Мастера и управляющие лаялись с представителями рабочих бригад так, что уже не за горами была самая настоящая потасовка. Вот, теперь можно и вмешаться. Он громко хлопнул ладонью по столу и встал.
— Так! Птичий базар закончен!
— Так, они, блядские души…, - не удержавшись, выругался Федотыч и замолчал, наткнувшись на жёсткий взгляд Стаса.
— Переходим к переговорам. Всё я слышал, всё я понял. Значит, дальше будет так. Расценки я поднимаю в полтора раза. Молчать, я сказал! — рявкнул он, видя, что обе стороны готовы открыли, было, рты. — Далее. Иван Федотович уволен, его место займёт Шота Георгиевич, прошу любить и жаловать.
— Станислав Юрьевич, дык, я…, - бывший управляющий был в полной прострации.
— Вон, к кассиру, полный расчёт, и пошёл нах…, - спокойно ответил Стас. — Умел прокудить, умей и отвечать.
Иван Федотович повернулся и молча вышел, бросив на прощанье тяжёлый взгляд через плечо.
— Теперь запомните вы, — он повернулся к выборным. — Работать на совесть! Будет построена баня и ещё пять бараков для семейных.
Он обвёл глазами присутствующих — равнодушных не было, но все держали рты на замке.
— Штрафы разрешаю выписывать только управляющему. Мастера имеют право доложить о нарушении. И только один раз. Второе нарушение — на улицу. Но ты, Шота Георгиевич, смотри хорошо! Чтобы этого беспредела больше не было, всем понятно? И рабочим передайте: слово мастера — закон! Но, если мастер палку перегнёт, сам пойдёт за ворота. Разбираться, если что, буду сам, тогда не обессудьте. Всё, начинаем работу, хорош Ваньку валять.

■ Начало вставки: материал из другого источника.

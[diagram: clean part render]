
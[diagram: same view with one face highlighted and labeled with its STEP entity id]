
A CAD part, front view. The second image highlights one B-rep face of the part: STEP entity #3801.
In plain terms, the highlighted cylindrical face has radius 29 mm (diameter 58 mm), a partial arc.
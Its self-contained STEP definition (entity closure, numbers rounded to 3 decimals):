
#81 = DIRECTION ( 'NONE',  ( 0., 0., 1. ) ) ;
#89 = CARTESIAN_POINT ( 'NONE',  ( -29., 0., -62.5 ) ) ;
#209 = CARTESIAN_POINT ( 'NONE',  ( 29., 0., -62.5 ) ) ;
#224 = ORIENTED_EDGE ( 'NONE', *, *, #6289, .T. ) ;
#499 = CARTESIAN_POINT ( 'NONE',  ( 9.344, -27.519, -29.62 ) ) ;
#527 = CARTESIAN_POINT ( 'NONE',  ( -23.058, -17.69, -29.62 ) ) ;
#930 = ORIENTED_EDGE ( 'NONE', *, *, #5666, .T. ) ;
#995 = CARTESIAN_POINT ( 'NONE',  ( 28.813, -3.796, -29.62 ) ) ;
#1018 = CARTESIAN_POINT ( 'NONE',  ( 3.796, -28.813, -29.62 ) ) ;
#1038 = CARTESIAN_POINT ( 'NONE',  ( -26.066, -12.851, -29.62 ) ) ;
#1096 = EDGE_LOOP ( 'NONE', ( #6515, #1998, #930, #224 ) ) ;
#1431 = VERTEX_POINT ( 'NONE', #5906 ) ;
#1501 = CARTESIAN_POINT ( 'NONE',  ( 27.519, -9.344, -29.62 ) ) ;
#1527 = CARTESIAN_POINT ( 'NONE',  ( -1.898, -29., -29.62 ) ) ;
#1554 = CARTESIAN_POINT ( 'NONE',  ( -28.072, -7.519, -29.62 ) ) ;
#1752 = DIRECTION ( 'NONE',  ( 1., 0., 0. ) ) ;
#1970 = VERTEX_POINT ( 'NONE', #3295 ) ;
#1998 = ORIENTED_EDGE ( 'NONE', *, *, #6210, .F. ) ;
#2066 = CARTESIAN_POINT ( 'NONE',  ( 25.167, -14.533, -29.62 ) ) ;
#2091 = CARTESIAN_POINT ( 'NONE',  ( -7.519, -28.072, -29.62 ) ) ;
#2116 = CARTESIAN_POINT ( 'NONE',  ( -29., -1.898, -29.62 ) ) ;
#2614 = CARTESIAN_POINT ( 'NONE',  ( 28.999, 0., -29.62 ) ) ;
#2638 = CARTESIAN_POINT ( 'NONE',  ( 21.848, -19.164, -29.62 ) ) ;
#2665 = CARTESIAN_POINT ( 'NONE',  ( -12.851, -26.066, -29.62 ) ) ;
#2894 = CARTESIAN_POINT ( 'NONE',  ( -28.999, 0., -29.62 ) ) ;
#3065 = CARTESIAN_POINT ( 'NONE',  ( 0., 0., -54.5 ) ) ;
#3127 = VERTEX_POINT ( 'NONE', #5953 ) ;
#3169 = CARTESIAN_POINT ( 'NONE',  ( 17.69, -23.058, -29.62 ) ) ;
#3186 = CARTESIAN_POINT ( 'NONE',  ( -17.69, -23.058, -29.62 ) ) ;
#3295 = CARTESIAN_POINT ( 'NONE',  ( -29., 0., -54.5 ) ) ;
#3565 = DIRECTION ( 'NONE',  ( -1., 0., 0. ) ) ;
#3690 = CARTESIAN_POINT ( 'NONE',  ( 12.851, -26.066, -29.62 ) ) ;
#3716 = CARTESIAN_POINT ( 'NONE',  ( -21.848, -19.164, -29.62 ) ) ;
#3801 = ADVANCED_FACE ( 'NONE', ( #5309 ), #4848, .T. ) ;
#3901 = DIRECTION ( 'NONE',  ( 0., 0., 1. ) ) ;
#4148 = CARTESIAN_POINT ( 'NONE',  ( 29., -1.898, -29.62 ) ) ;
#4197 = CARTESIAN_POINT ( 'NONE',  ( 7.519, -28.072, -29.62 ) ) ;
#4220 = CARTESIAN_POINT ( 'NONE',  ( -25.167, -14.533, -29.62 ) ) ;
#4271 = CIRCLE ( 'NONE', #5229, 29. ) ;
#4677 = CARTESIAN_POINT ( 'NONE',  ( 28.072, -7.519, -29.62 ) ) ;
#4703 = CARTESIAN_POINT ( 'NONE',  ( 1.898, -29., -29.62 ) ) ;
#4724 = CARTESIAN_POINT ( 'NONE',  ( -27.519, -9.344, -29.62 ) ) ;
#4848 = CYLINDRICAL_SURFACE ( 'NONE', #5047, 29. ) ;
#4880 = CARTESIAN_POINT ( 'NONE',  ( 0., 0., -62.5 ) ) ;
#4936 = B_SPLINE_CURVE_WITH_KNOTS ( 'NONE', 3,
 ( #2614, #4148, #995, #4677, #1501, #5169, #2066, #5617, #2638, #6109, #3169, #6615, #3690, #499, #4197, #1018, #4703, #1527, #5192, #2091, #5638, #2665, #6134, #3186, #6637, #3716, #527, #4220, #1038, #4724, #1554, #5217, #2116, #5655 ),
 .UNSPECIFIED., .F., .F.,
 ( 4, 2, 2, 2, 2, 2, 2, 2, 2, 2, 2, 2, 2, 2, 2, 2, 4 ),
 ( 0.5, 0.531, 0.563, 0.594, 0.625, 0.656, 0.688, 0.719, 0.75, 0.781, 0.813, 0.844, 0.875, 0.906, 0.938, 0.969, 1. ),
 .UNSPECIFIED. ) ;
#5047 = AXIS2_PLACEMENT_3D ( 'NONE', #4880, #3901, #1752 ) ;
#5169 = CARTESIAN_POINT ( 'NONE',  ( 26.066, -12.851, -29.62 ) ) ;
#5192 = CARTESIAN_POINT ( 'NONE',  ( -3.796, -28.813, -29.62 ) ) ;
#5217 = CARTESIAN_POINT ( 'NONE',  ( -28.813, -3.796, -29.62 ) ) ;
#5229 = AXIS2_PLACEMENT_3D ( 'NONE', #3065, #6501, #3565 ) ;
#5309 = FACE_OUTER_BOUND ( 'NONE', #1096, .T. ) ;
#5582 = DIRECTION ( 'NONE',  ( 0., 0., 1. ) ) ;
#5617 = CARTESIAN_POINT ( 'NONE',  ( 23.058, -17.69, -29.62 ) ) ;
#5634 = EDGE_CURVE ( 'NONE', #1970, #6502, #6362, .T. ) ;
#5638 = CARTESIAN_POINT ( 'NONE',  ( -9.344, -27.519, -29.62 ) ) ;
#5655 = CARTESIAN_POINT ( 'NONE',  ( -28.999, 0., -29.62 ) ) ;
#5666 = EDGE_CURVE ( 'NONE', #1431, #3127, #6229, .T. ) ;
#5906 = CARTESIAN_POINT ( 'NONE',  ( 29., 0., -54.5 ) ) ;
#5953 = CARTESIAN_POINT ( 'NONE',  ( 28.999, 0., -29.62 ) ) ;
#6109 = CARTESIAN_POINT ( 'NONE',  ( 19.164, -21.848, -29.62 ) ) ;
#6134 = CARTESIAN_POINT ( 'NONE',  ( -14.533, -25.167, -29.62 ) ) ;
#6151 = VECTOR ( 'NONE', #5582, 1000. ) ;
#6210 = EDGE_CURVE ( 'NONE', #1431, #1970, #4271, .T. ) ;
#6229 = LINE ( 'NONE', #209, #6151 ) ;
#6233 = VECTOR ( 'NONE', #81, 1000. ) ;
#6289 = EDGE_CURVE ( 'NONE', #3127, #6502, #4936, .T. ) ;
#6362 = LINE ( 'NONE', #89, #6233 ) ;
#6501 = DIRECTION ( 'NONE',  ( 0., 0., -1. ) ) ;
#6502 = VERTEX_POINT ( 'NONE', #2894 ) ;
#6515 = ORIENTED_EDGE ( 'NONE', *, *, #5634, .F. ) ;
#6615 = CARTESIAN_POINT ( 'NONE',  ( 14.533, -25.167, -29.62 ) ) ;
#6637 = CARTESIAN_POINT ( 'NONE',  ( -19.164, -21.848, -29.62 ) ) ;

Выборные поднялись и, подхватывая треухи да шапки, кланяясь, стали выходить из комнаты. Судя по оживлённым голосам, их там поджидали те, кому не терпелось первыми узнать результаты переговоров. За ними, стараясь сохранить остатки достоинства, вышли мастера. Остался только новый управляющий. Вид у него был слегка ошарашенный.